I am new to Solr and using Solr 7.3.1 in solr cloud mode and trying to index pdf, office documents in solr, using contentextraction in solr.
I created a collection with
bin\solr create -c tsindex -s 2 -rf 2
in SolrJ my code looks like
public static void main(String[] args) {
System.out.println("Solr Indexer");
final String solrUrl = "http://localhost:8983/solr/tsindex/";
HttpSolrClient solr = new HttpSolrClient.Builder(solrUrl).build();
String filename="C:\\iSampleDocs\\doc-file.doc";
ContentStreamUpdateRequest solrRequest = new ContentStreamUpdateRequest("/update/extract");
try {
solrRequest.addFile(new File(filename), "application/msword");
solrRequest.setParam("litral.ts_ref", "ts-456123");
//solrRequest.setParam("defaultField", "text");
solrRequest.setAction(AbstractUpdateRequest.ACTION.COMMIT, true, true);
NamedList<Object> result= solr.request(solrRequest);
System.out.println(result);
} catch (IOException e) {
e.printStackTrace();
}catch ( SolrServerException e) {
e.printStackTrace();
}
}
I am getting multiple issues
Although I have created field ts_ref
as text_general
in Solr Admin UI, this field does not get set at all.

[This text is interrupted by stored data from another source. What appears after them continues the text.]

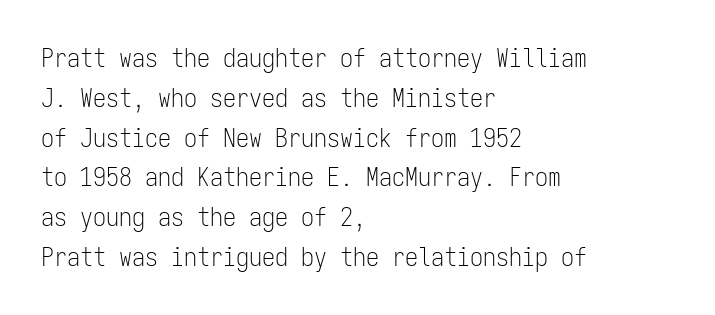
Q: Is the text bold? A: No.
Q: Is the text italic (slanted)? A: No, it is upright.
Q: Is the text underlined? A: No.
Q: How is the paragraph aligned? A: Left-aligned.
Q: Is the spacing between letters normal or unusually wide? A: Normal.
Q: Is the spacing between lines tight, normal or loose? A: Normal.

My goal is to index the complete document including its metadata in one field and then set couple of more fileds refrencing document in another system like e.g. ts_ref field. But what actually happens is the solr extracts the metadata of files and create seperate fileds for each metadata value.

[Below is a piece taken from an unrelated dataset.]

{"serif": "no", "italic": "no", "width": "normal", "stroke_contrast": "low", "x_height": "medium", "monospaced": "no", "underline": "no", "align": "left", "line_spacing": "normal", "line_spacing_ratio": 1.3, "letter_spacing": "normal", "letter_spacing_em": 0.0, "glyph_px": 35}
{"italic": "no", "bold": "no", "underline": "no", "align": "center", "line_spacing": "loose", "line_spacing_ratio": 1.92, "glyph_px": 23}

I have tried disabling data driven schema functionality
by bin\solr config -c tsindex -zkHost localhost:9983 -property update.autoCreateFields -value false
When I uncomment line solrRequest.setParam("defaultField", "text");
from beginning, there is not separate fields for all metadata extracted, but as soon as I comment this line and upload the files, the meta data are again in separate fields afterwards (even if I uncomment its again).